▸ Work item
Below are some records; repeat them all exactly, minus the pictures.

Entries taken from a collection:
== Segment start ==

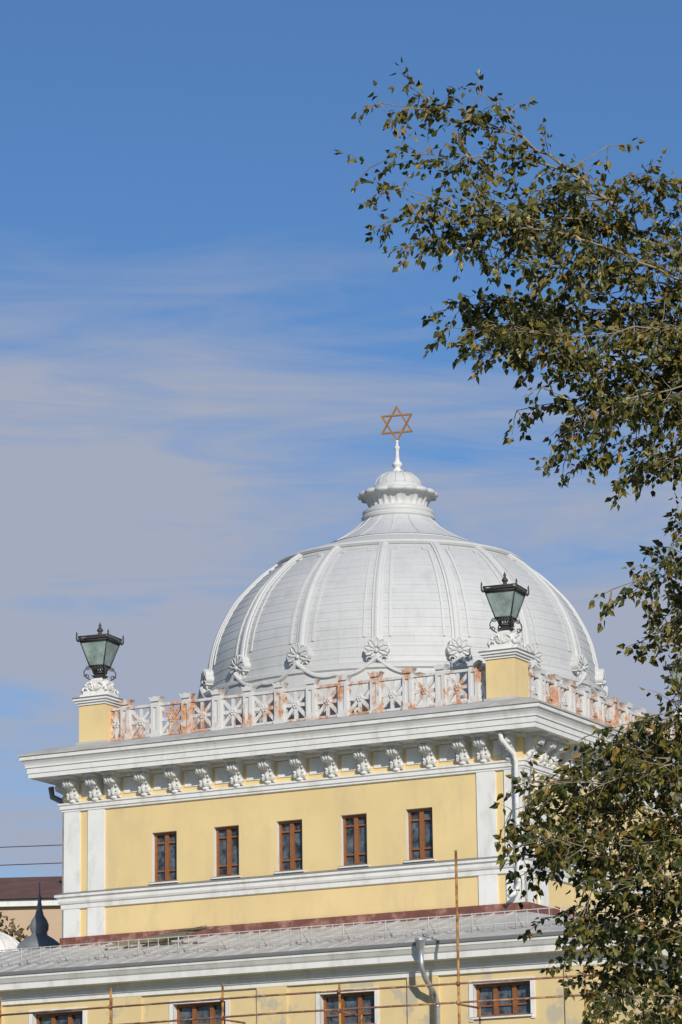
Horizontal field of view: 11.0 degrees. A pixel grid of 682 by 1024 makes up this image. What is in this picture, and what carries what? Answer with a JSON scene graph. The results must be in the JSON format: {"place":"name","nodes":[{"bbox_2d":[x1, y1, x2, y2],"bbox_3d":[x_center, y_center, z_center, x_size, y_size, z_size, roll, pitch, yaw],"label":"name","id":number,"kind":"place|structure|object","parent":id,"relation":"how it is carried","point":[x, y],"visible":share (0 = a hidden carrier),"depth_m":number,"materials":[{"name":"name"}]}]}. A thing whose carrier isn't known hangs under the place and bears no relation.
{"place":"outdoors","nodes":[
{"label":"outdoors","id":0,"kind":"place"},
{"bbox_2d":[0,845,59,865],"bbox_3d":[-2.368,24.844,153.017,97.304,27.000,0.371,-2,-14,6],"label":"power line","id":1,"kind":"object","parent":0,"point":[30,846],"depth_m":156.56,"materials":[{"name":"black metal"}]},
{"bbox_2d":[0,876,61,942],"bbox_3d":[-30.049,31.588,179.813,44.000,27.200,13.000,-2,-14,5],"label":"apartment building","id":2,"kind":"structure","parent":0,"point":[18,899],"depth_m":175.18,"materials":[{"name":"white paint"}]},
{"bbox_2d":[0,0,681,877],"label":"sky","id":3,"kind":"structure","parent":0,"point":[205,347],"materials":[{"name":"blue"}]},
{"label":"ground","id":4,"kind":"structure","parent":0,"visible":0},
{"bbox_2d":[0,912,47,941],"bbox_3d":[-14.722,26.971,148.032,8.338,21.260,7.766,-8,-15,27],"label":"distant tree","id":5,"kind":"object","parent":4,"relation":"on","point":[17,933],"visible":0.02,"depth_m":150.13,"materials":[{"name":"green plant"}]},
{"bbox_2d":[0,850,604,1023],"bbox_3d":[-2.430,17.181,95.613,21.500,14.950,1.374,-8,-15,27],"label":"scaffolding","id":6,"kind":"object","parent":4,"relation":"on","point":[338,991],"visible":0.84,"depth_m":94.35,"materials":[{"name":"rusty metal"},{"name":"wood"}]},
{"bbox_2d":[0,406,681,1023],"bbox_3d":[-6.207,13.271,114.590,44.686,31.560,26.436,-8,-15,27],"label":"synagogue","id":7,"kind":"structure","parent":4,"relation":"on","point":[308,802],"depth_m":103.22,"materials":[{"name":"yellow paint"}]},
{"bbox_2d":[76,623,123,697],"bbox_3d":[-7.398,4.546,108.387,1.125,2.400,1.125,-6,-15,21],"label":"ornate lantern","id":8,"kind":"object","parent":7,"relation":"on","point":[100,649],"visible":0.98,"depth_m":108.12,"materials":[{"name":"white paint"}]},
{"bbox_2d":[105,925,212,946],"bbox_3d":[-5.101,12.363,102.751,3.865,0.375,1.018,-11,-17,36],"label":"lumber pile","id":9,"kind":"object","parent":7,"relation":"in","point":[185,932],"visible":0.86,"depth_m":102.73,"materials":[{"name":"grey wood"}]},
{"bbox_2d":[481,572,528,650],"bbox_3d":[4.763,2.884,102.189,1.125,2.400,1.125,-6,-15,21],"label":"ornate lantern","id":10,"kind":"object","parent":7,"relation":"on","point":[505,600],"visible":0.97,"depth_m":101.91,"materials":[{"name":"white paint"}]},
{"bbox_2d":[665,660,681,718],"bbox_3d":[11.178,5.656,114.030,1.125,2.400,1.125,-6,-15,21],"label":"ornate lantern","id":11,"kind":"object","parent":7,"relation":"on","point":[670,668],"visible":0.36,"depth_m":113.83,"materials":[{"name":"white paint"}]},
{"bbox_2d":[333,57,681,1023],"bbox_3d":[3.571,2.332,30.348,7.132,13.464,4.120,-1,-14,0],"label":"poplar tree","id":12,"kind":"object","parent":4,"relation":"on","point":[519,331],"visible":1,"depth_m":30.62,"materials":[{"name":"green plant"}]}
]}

== Segment end ==

▸ Solution for this exercise
Horizontal field of view: 11.0 degrees. A pixel grid of 682 by 1024 makes up this image. What is in this picture, and what carries what? Answer with a JSON scene graph. The results must be in the JSON format: {"place":"name","nodes":[{"bbox_2d":[x1, y1, x2, y2],"bbox_3d":[x_center, y_center, z_center, x_size, y_size, z_size, roll, pitch, yaw],"label":"name","id":number,"kind":"place|structure|object","parent":id,"relation":"how it is carried","point":[x, y],"visible":share (0 = a hidden carrier),"depth_m":number,"materials":[{"name":"name"}]}]}. A thing whose carrier isn't known hangs under the place and bears no relation.
{"place":"outdoors","nodes":[
{"label":"outdoors","id":0,"kind":"place"},
{"bbox_2d":[0,845,59,865],"bbox_3d":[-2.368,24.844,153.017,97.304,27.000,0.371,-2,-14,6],"label":"power line","id":1,"kind":"object","parent":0,"point":[30,846],"depth_m":156.56,"materials":[{"name":"black metal"}]},
{"bbox_2d":[0,876,61,942],"bbox_3d":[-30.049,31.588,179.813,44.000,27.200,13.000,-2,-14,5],"label":"apartment building","id":2,"kind":"structure","parent":0,"point":[18,899],"depth_m":175.18,"materials":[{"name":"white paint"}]},
{"bbox_2d":[0,0,681,877],"label":"sky","id":3,"kind":"structure","parent":0,"point":[205,347],"materials":[{"name":"blue"}]},
{"label":"ground","id":4,"kind":"structure","parent":0,"visible":0},
{"bbox_2d":[0,912,47,941],"bbox_3d":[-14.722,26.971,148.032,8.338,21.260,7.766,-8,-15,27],"label":"distant tree","id":5,"kind":"object","parent":4,"relation":"on","point":[17,933],"visible":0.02,"depth_m":150.13,"materials":[{"name":"green plant"}]},
{"bbox_2d":[0,850,604,1023],"bbox_3d":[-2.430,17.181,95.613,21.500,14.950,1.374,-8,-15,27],"label":"scaffolding","id":6,"kind":"object","parent":4,"relation":"on","point":[338,991],"visible":0.84,"depth_m":94.35,"materials":[{"name":"rusty metal"},{"name":"wood"}]},
{"bbox_2d":[0,406,681,1023],"bbox_3d":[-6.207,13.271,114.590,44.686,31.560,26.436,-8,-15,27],"label":"synagogue","id":7,"kind":"structure","parent":4,"relation":"on","point":[308,802],"depth_m":103.22,"materials":[{"name":"yellow paint"}]},
{"bbox_2d":[76,623,123,697],"bbox_3d":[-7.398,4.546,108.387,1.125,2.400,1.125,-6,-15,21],"label":"ornate lantern","id":8,"kind":"object","parent":7,"relation":"on","point":[100,649],"visible":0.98,"depth_m":108.12,"materials":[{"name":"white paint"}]},
{"bbox_2d":[105,925,212,946],"bbox_3d":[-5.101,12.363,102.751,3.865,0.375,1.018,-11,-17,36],"label":"lumber pile","id":9,"kind":"object","parent":7,"relation":"in","point":[185,932],"visible":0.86,"depth_m":102.73,"materials":[{"name":"grey wood"}]},
{"bbox_2d":[481,572,528,650],"bbox_3d":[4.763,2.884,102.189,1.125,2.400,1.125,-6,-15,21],"label":"ornate lantern","id":10,"kind":"object","parent":7,"relation":"on","point":[505,600],"visible":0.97,"depth_m":101.91,"materials":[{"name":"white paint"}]},
{"bbox_2d":[665,660,681,718],"bbox_3d":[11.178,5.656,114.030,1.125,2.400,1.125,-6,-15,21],"label":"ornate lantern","id":11,"kind":"object","parent":7,"relation":"on","point":[670,668],"visible":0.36,"depth_m":113.83,"materials":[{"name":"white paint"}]},
{"bbox_2d":[333,57,681,1023],"bbox_3d":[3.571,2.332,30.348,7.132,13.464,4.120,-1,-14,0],"label":"poplar tree","id":12,"kind":"object","parent":4,"relation":"on","point":[519,331],"visible":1,"depth_m":30.62,"materials":[{"name":"green plant"}]}
]}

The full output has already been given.